My whole life, I’ve always known a part of me was attracted to women. I even mentioned it to my mother one time, in middle school — something along the lines of, “I think girls are pretty too. Maybe I like girls too?” I was about 11-12 years old. Nothing ever came of it. We never discussed it again. But it wasn’t that I was lonely or wasn’t getting any attention from boys at school. In fact. I’ve always had boyfriends.

My high school career consisted of depression and heartbreak — always feeling unhappy, too sensitive, too unloved due to depression and toxic friendships/relationships. Of course, the people we date in high school don’t define our love lives, but it made me feel like maybe it was just my choices in partners, or I was too sensitive. Once I came to college, I pretty much had to put those feelings very far back in my mind. Life happened. I had my first bipolar episode. After being officially diagnosed in October 2014, my life changed forever. When you realize you have a mental illness, I believe you learn to be more self-aware, to be vulnerable and strong.

When I was diagnosed, I remember being terrified of telling my family. I remember thinking they would judge me and disown me — I would become the black sheep of the family. What I now realize is that I was gathering tools that would help me cope with more than just my mental health, but with life in general. It hasn’t been the easiest process, getting them to understand and listen, but over time they have opened up and been more supportive than ever.

Bipolar disorder taught me that people can dislike something about you — they can dislike certain actions and opinions — but it doesn’t mean they don’t love you and support you.
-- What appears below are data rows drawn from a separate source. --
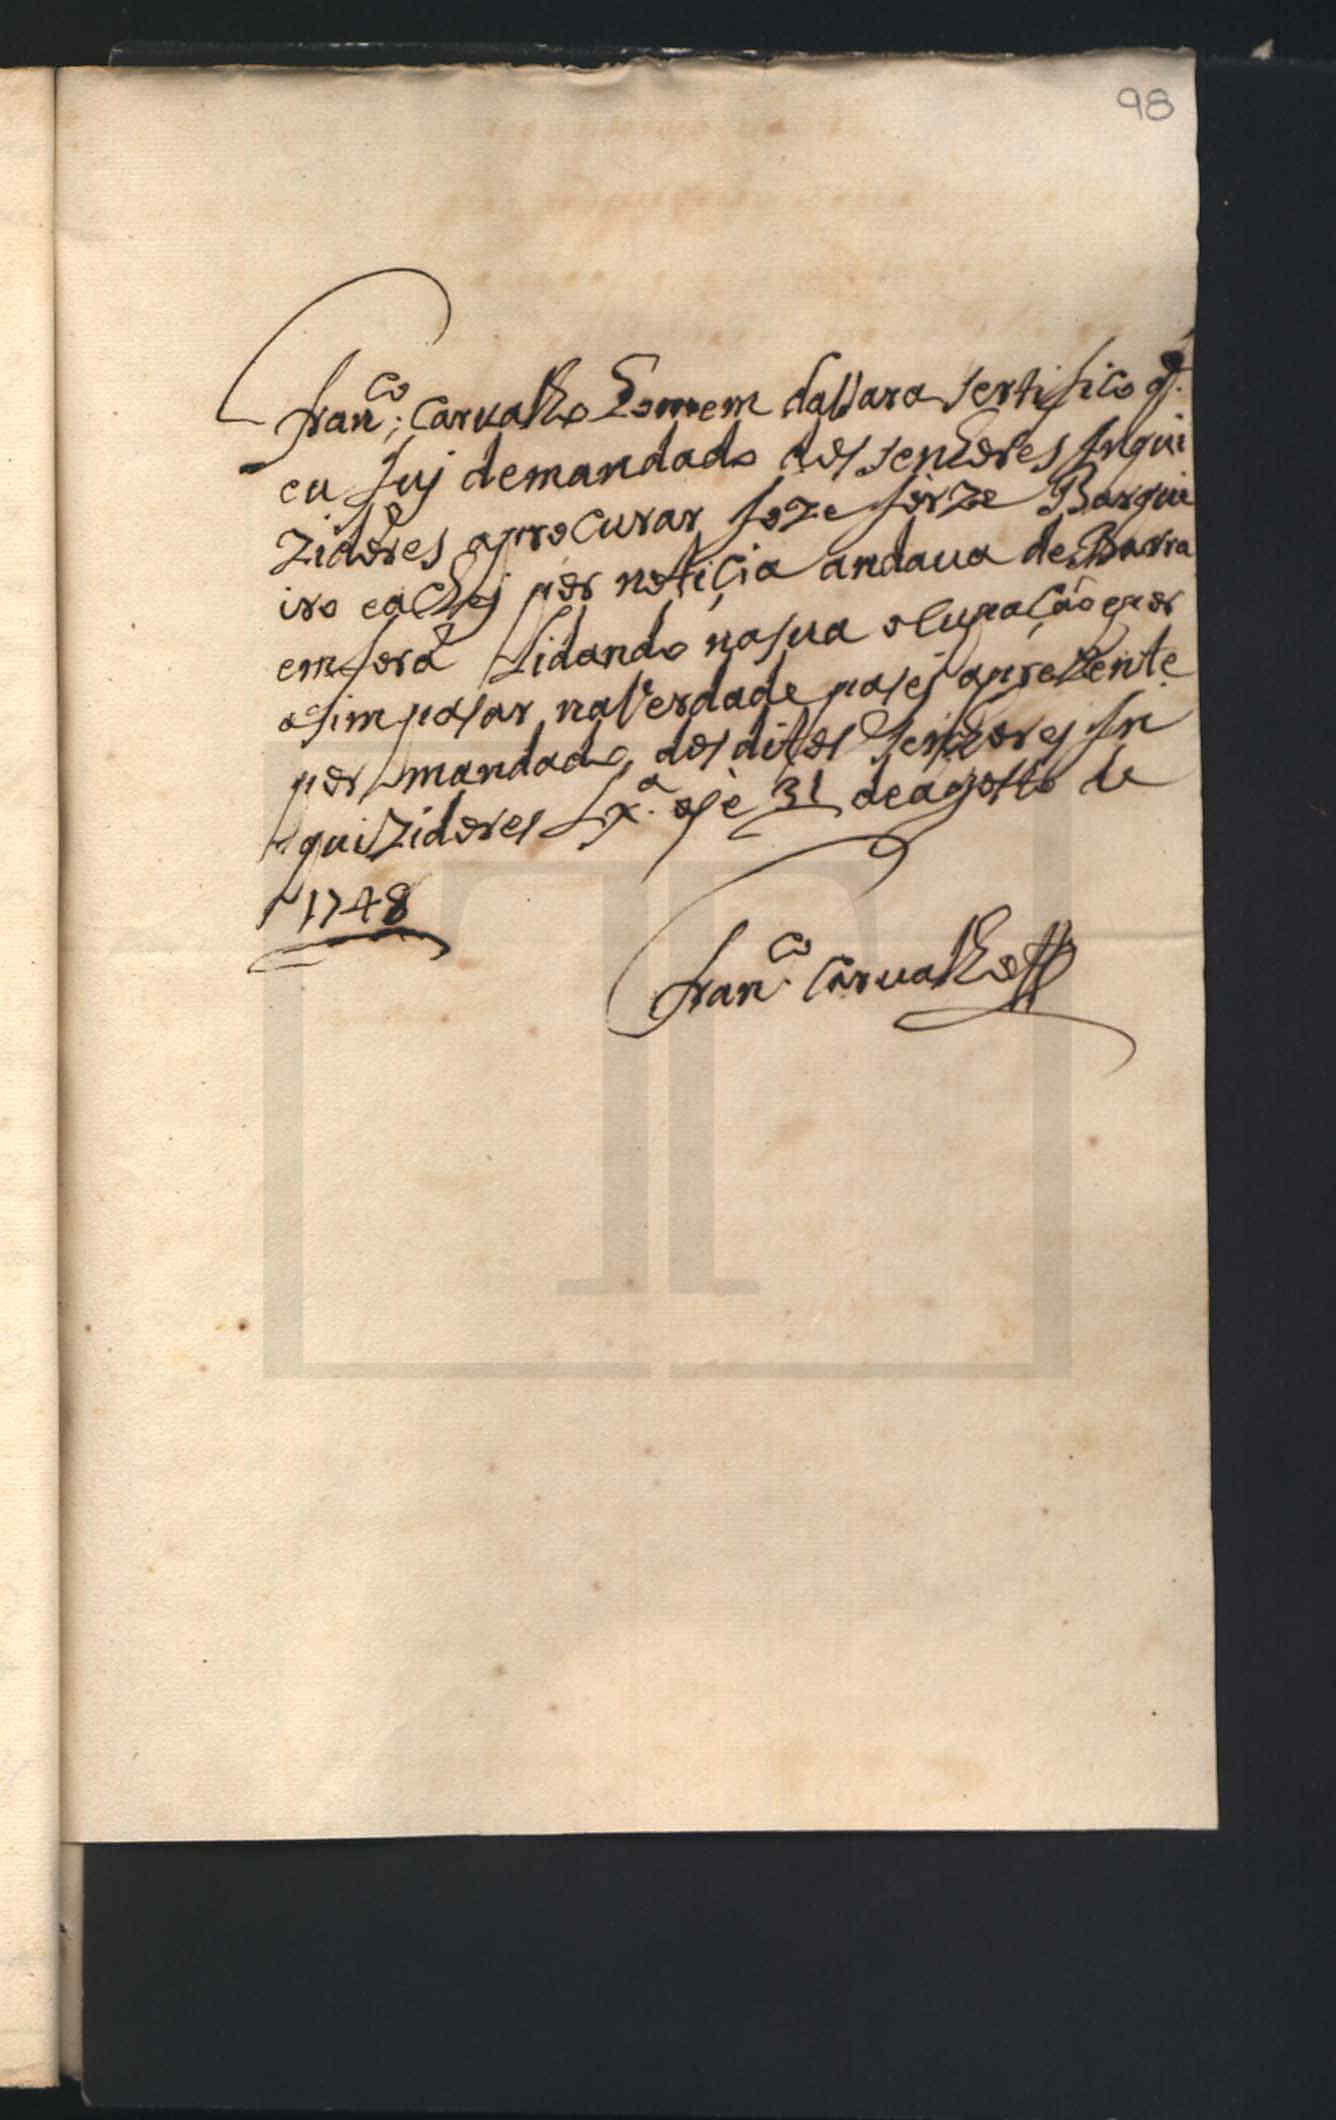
Franco carualho homem da Vara sertifico q̄
eu fuj demandado dos senhores Jnqui
zidores a procurar Joze Jorze Barque
iro, e achej por noticia andaua de Barra
em fora Lidando na sua ocupaÇaõ e por
asim pasar na Verdade pasej a prezente
por mandado, dos ditos senhores Jn
quizidores Lx.a oje 31 de agosto de
1748
Fran.co Carualho

Coping with my mental health helped me prepare for when I was ready to deal with my sexuality, and it gave me the blueprint for being able to accept rejection or misjudgment. It gave me the blueprint for realizing that sometimes people do not feel frustrated towards you directly, but they feel frustrated for you. They feel frustrated because they know life may be harder for you. They know people might target you or they might make comments. They know your mental health is a bit more fragile. They know suicide is a bigger risk. Having a mental health condition makes life a bit more difficult, and some would also agree that so does going against the grain in society. Realizing I still had to love and accept myself, even with my mental illness, prepared me to learn to love and accept my sexuality. It provided the tools to make that leap and be brave.

So last June, I called my mother and I told her I’d begun seeing someone. Her first response, joyfully, was “Oh wow! What’s his name?” Instead of crawling back into a well-known shell, afraid of judgment and shame, I told her the truth. I told my mother her name. Although I am no longer with my ex-girlfriend, coming out to my mom was one of the hardest yet easiest conversations — because we were prepared for this. She knew how to love me, even if she was afraid for me. She knew she could accept me through anything because of everything we have been through so far.

One of the things they often tell you in therapy is, “You are only as sick as your secrets.” Hiding your true identity, your sexuality and even your mental health condition puts you in place of fear — fear of being judged, fear of being misunderstood or even just fear of disappointing those around you any more than you may feel you have. But you are not a disappointment. You are strong and you are prepared for this. Although not everyone is able to come out for safety reasons, religious religions and whatever else they feel is stopping them, coming out to yourself is the first step. Just as you have accepted your diagnosis and the things life has put upon you, you can make it through this.

Coming out is a process and they don’t tell you that you often have to come out again and again. But just as you do with your mental illness, it’s up to you and at your discretion who you share it with.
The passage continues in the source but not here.